§ **REQUIREMENT**: What's needed is an exact copy of the lines from the one that contains "Q: Stroke contrast? A: Medium." to the end of the data below, leaving the pictures out.

§ **TASK INPUTS**:
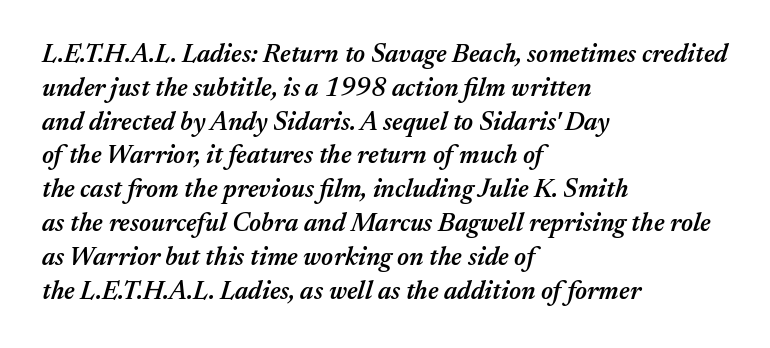
{"italic": "yes", "lean": "right", "slant_degrees": 17, "bold": "semi", "underline": "no", "align": "left", "line_spacing": "normal", "line_spacing_ratio": 1.3, "letter_spacing": "normal", "letter_spacing_em": 0.0, "glyph_px": 26}
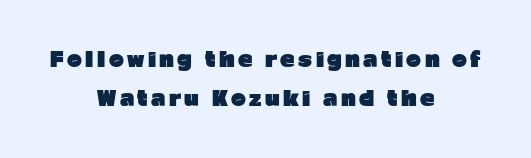
Q: Is the text bold? A: Yes.
Q: Is the text italic (slanted)? A: No, it is upright.
Q: Is the text underlined? A: No.
Q: How is the paragraph aligned? A: Centered.
Q: Is the spacing between lines tight, normal or loose? A: Loose.
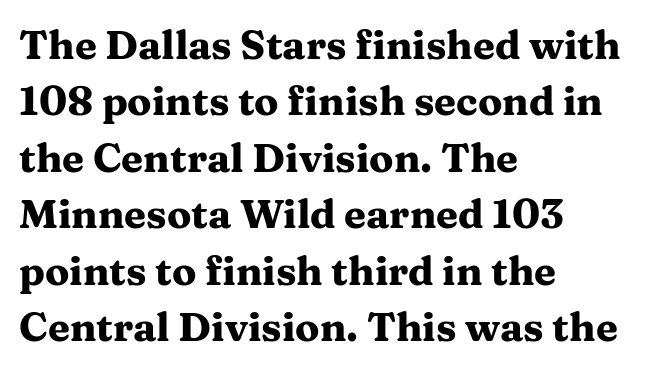
Q: Is the text bold? A: Yes.
Q: Is the text italic (slanted)? A: No, it is upright.
Q: Is the typeface a serif or a sans-serif typeface? A: Serif.
Q: Is the text underlined? A: No.
Q: How is the paragraph aligned? A: Left-aligned.
Q: Is the spacing between letters normal or unusually wide? A: Normal.
Q: Is the spacing between lines tight, normal or loose? A: Normal.
Q: Width (condensed, normal, or wide)? A: Wide.
Q: Stroke contrast? A: Medium.
Q: x-height? A: Medium.
Q: Monospaced? A: No.
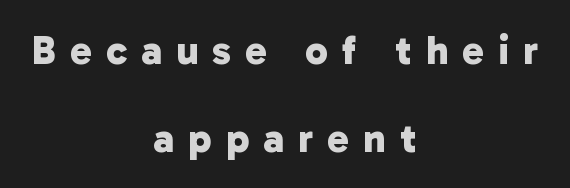
Q: Is the text bold? A: Yes.
Q: Is the typeface a serif or a sans-serif typeface? A: Sans-serif.
Q: Is the text underlined? A: No.
Q: How is the paragraph aligned? A: Centered.
Q: Is the spacing between letters normal or unusually wide? A: Unusually wide.
Q: Is the spacing between lines tight, normal or loose? A: Loose.
Q: Width (condensed, normal, or wide)? A: Normal.
Q: Stroke contrast? A: Low.
Q: x-height? A: Medium.
Q: Monospaced? A: No.

§ **ANSWER FOR THE TASK**:
Q: Stroke contrast? A: Medium.
Q: x-height? A: Medium.
Q: Monospaced? A: No.
Q: Is the text bold? A: Yes.
Q: Is the typeface a serif or a sans-serif typeface? A: Sans-serif.
Q: Is the text underlined? A: No.
Q: How is the paragraph aligned? A: Centered.
Q: Is the spacing between letters normal or unusually wide? A: Unusually wide.
Q: Is the spacing between lines tight, normal or loose? A: Loose.
Q: Width (condensed, normal, or wide)? A: Normal.
Q: Stroke contrast? A: Low.
Q: x-height? A: Medium.
Q: Monospaced? A: No.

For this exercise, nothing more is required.